Nos últimos encontros, debatemos frameworks que funcionam, fluxos de e-mail que explodiram em vendas, sequências de ManyChat que converteram, a construção de manifestos, repertório e posicionamento real de mercado.

Ainda tenho que gravar a parte que não é ao vivo, os módulos, vou fazendo no tempo certo.

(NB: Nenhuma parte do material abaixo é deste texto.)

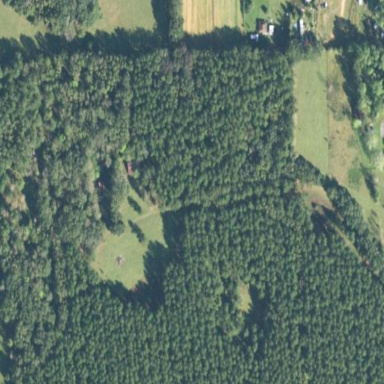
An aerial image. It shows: Forest area dominated by needle-leaved trees.
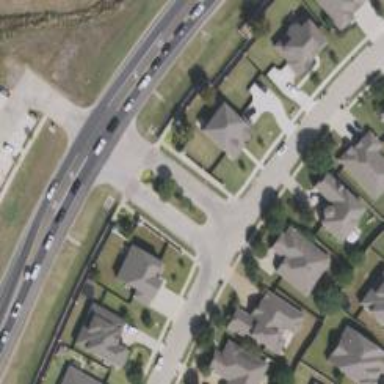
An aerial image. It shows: Residential road.
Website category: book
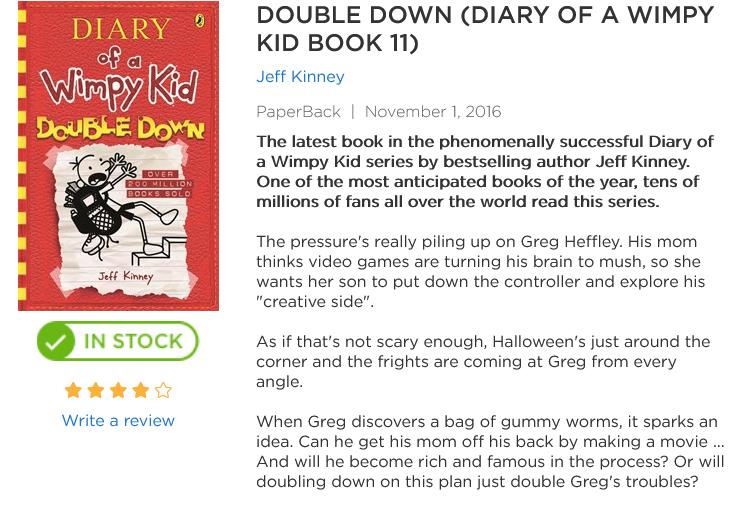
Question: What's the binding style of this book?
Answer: PaperBack

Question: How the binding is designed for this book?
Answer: PaperBack

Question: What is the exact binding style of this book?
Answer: PaperBack

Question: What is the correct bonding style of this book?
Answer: PaperBack

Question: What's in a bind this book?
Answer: PaperBack

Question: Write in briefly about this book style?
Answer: PaperBack

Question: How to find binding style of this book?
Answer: PaperBack

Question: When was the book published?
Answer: November 1, 2016

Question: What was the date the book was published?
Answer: November 1, 2016

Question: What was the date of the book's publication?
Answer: November 1, 2016

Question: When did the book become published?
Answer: November 1, 2016

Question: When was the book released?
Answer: November 1, 2016

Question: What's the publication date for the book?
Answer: November 1, 2016
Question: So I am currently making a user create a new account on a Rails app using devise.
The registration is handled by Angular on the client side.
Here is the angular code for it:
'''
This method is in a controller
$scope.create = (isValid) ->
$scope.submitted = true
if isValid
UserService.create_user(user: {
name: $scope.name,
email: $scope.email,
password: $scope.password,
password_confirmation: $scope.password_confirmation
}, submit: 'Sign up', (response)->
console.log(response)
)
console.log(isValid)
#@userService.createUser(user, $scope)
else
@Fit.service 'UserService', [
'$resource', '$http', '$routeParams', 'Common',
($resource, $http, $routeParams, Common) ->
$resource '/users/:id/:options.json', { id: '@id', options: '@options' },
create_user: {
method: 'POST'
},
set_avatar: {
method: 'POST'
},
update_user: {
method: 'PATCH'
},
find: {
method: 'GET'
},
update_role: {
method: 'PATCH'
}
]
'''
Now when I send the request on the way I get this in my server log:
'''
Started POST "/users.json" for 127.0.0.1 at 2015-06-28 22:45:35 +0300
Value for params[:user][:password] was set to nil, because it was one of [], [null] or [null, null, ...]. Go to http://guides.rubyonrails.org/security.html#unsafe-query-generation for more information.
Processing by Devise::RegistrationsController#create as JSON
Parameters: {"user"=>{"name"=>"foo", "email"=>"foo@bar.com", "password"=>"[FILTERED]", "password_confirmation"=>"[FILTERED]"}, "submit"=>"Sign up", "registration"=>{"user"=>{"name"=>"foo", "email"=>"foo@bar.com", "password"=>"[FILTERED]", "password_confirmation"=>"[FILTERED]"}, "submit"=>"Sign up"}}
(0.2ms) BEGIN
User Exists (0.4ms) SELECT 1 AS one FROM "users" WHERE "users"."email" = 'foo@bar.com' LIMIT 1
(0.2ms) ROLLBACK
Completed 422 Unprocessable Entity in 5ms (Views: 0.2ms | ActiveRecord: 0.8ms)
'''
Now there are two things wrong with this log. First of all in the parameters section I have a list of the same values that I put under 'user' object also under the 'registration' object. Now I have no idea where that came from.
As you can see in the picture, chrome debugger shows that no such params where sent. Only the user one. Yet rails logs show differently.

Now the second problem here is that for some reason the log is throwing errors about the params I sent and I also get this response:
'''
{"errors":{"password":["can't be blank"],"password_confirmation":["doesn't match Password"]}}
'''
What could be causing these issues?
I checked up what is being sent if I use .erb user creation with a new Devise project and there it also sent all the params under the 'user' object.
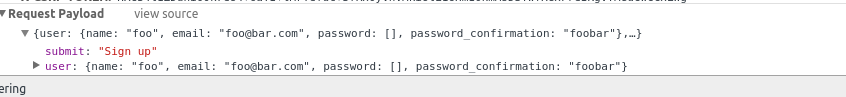
Answer: About the 'registration' hash, it's possible that Devise is using 'wrap_parameters' or similar to copy the entire 'user' hash over to a format more useful to it. In a quick Google search I didn't see any evidence of this but notice that the 'user' and 'registration' hash look exactly the same; that smells like 'wrap_parameters' (or similar) to me. I understand this is a relatively common behavior and shouldn't inherently cause Rails any confusion; by default Rails should just ignore params that it doesn't specifically know / care about.
But at any rate, I don't see any error message relating to the presence of the 'registration' hash; the only errors I see relate to the contents of the ':password' and ':password_confirmation' field. I'd take those at face value:
- 'params[:user][:password]''[]''[]''nil''password'- 'password''password_confirmation''password''nil''password_confirmation''"foobar"'
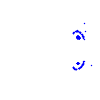
Particle: pion
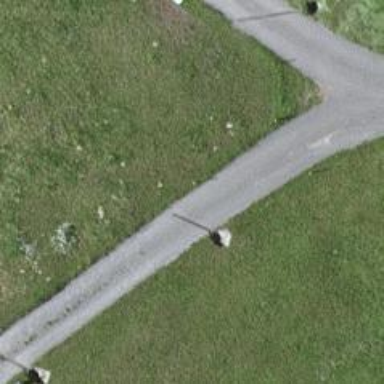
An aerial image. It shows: Service road with unpaved surface.
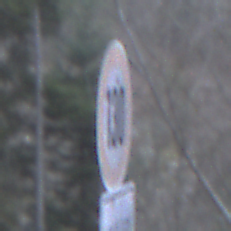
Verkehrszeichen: Geschwindigkeit130
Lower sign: ZeitangabenMitBeschraenkungAufWochentage1
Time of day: MorningAfternoon
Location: Outdoor (Nature)
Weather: Overcast
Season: Winter
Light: Natural
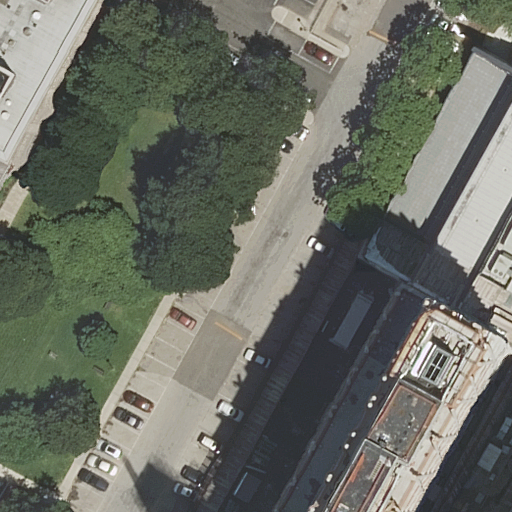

Mas já testei o formato com duas pessoas. Abri, fechei, e os dois estão extremamente satisfeitos:

  • Thiago Sales, copywriter fora da curva que já atuava bem, mas quis colar comigo pra refinar processos e acelerar resultado.
  • Bruno, totalmente iniciante, que participa ativamente, absorve e aplica com o peso da experiência que eu trago.

E fique tranquilo, não é mentoria de 6 mil que te dá respostas óbvias de biscoito da sorte.

Não é curso de 3 mil que te entrega um PDF cuspido pelo GPT.

É algo muito mais em conta, porque não estou com pressa de farmar grana.

Estou focado em fazer bem feito, gerar resultado real e preparar terreno para escalar isso de 2026 em diante.

O que eu quero é dar atenção a cada um.

Se tiver interesse em mudar de vez a sua visão sobre copywriting, aprendendo com quem vive de copy (e não de curso)…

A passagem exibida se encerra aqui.